Le Parlement européen doit voter avant la fin de mois de janvier sur la proposition de modification des protocoles de l’accord d’association UE-Maroc, qui étendra les préférences commerciales à la partie du Sahara Occidental sous occupation marocaine, sans respecter les arrêts de la Cour de justice de l’Union européenne (CJUE). En décembre 2016, la CJUE avait statué qu’«aucun accord de commerce ou d’association UE-Maroc ne pouvait être appliqué au Sahara Occidental» et que «le Maroc n’a aucune souveraineté ni aucun mandat international pour administrer le territoire du Sahara Occidental».

Dans ce contexte, l’ONG WSRW a appelé la nouvelle rapporteuse de la Commission INTA du Parlement européen, Marietje Schaake, à suspendre la procédure de vote sur l’extension de l’accord commercial UE-Maroc au Sahara occidental occupé, précisant que le rapport réalisé par sa prédécesseur contient des «affirmations extrêmement trompeuses et fausses et n’avait pas respecté les arrêts de la justice européenne concernant l’exploitation des ressources des territoires sahraouis. L’eurodéputée néerlandaise Marietje Schaake, qui a remplacé la Française Patricia Lalonde, n’a jusqu’à présent fait aucun commentaire public sur la proposition ou sur le rapport rédigé par Mme Lalonde.

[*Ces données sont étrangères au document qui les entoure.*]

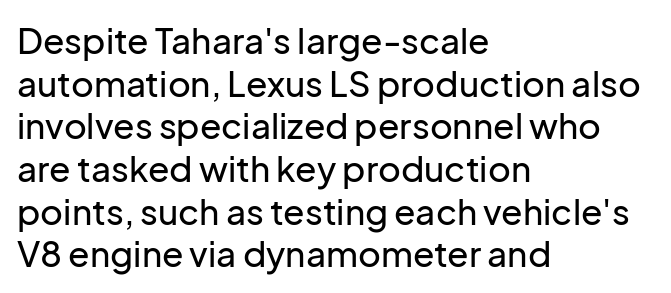
Q: Is the text italic (slanted)? A: No, it is upright.
Q: Is the typeface a serif or a sans-serif typeface? A: Sans-serif.
Q: Is the text underlined? A: No.
Q: How is the paragraph aligned? A: Left-aligned.
Q: Is the spacing between letters normal or unusually wide? A: Normal.
Q: Width (condensed, normal, or wide)? A: Normal.
Q: Stroke contrast? A: Low.
Q: x-height? A: Medium.
Q: Monospaced? A: No.
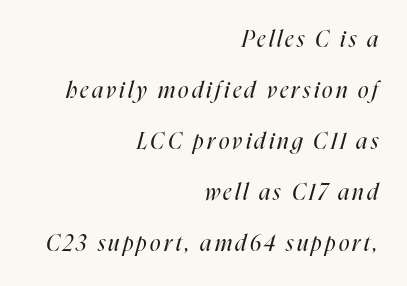
Think standard paragraph weight, or any step lighter than that. Letters rest on an invisible, unmarked baseline. These lines are set flush right with a ragged left edge. There's an unmistakable incline to the writing here. The leading is generous, giving the passage an open texture.
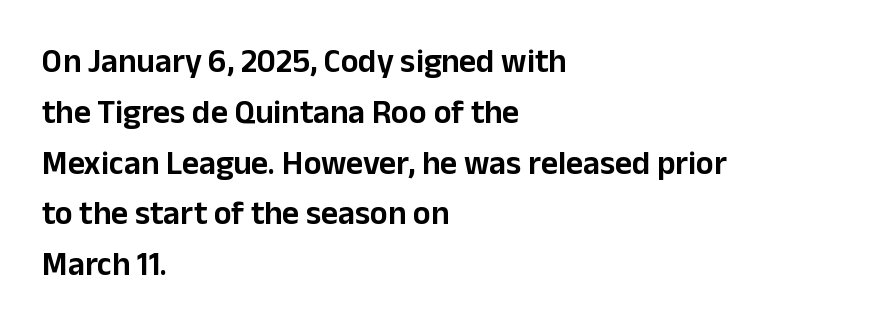
{"serif": "no", "italic": "no", "width": "normal", "stroke_contrast": "low", "x_height": "medium", "monospaced": "no", "underline": "no", "align": "left", "line_spacing": "normal", "line_spacing_ratio": 1.54, "letter_spacing": "normal", "letter_spacing_em": 0.0, "glyph_px": 33}
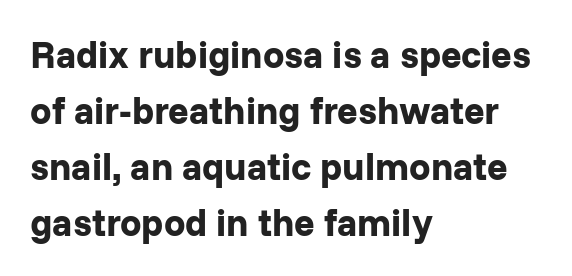
The image shows 38 px bold sans-serif type, upright; set left-aligned, normal line spacing (1.47x), normal letter spacing, not underlined; low stroke contrast and a medium x-height.
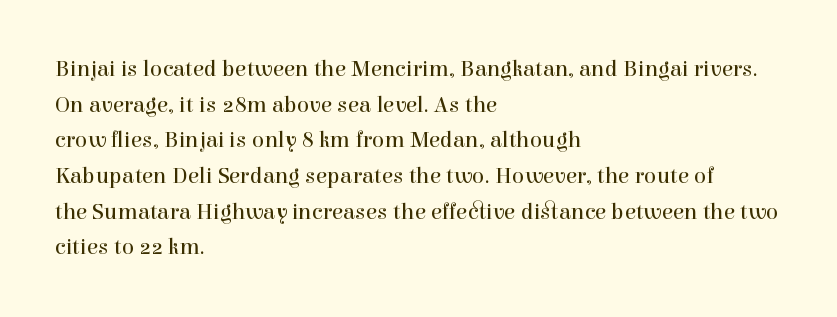
Baseline-to-baseline distance is the conventional proportion of letter height. The passage is arranged the way most books set body copy — flush left. The glyphs are unaccompanied by any horizontal stroke below them. The gaps between neighbouring characters are ordinary and unremarkable.
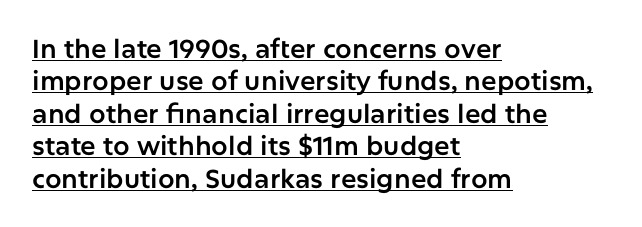
The image shows 26 px text type, upright; set left-aligned, normal line spacing (1.25x), normal letter spacing, underlined.
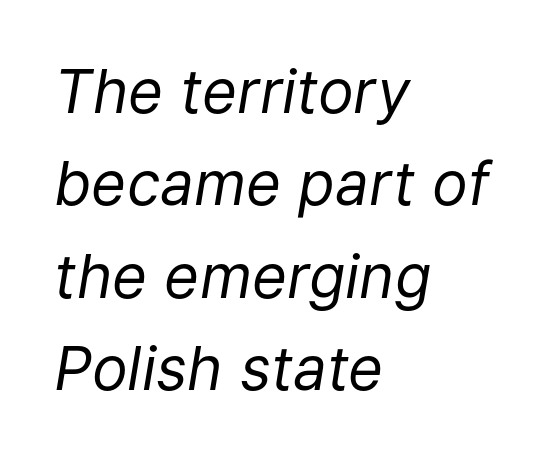
Q: Is the text bold? A: No.
Q: Is the text italic (slanted)? A: Yes, it leans right by about 9 degrees.
Q: Is the text underlined? A: No.
Q: How is the paragraph aligned? A: Left-aligned.
Q: Is the spacing between letters normal or unusually wide? A: Normal.
Q: Is the spacing between lines tight, normal or loose? A: Normal.
Q: Width (condensed, normal, or wide)? A: Normal.
Q: Stroke contrast? A: Low.
Q: x-height? A: Medium.
Q: Monospaced? A: No.
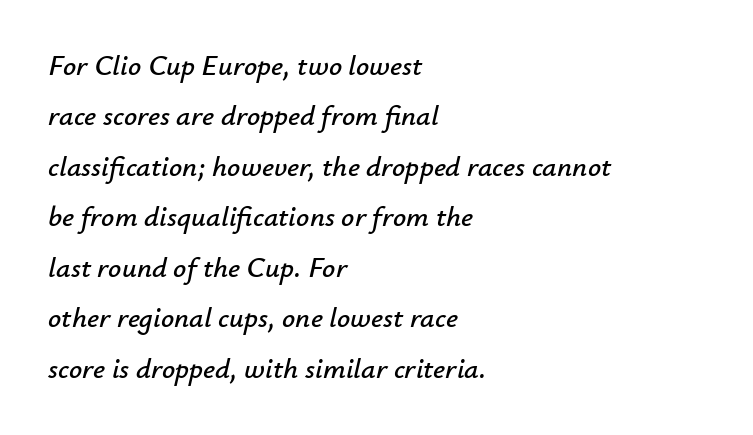
Underlining? Definitely not there. Alignment: flush left. Does the lettering tilt? It does — this is italic. The line texture is even and compact thanks to regular tracking. Do the characters align in a grid? No, the font is proportional.

L’Organisation de défense des ressources sahraouies a tenu à informer Mme Schaake que le rapport de l’INTA avait été rédigé par l’ancienne rapporteuse de la Commission du commerce international, Patricia Lalonde, chargée de ce dossier par le Parlement européen, alors qu’elle était membre au sein du conseil d’administration d’une organisation de lobbying marocain, jusqu’à sa démission début décembre 2018, suite à l’ouverture d’une enquête au sein du Parlement européen sur cette affaire révélée en novembre dernier par le journal EuObserver. «Il est incroyable qu’un rapport rédigé par un eurodéputé avec un agenda pro-marocain soit toujours utilisé pour la procédure de vote du Parlement. Il y a tout lieu de douter de la véracité des affirmations contenues dans le rapport, qui contient des éléments trompeurs et incorrects», a dénoncé la présidente de l’ONG, Sara Eyckmans, appelant la nouvelle rapporteuse, Marietje Schaake, à suspendre la procédure de vote sur l’extension de l’accord commercial UE-Maroc aux territoires sahraouis.

La présidente de WSRW a souligné, en outre, que la Commission du commerce international du Parlement européen n’avait pas tenu compte dans son rapport du respect des arrêts de la CJUE, notamment l’obligation pour l’UE d’obtenir préalablement le consentement des populations sahraouies pour tout accord avec le Makhzen incluant l’exploitation des ressources de territoires sahraouis. «Trois délégués de la Commission du commerce international (et non du Parlement européen dans son ensemble) appartenant à des groupes politiques ne représentant que 20% de la composition du Parlement, se sont rendus au Sahara Occidental, mais n’ont pas été autorisés à évaluer correctement la situation sur le terrain», a fait savoir l’ONG. Elle a ajouté dans ce sillage que «les membres de l’INTA se sont rendus uniquement dans la partie occupée du Sahara Occidental et n’ont pas visité les territoires sous contrôle du Polisario ni les camps de réfugiés sahraouis où vivent près de la moitié des populations sahraouies».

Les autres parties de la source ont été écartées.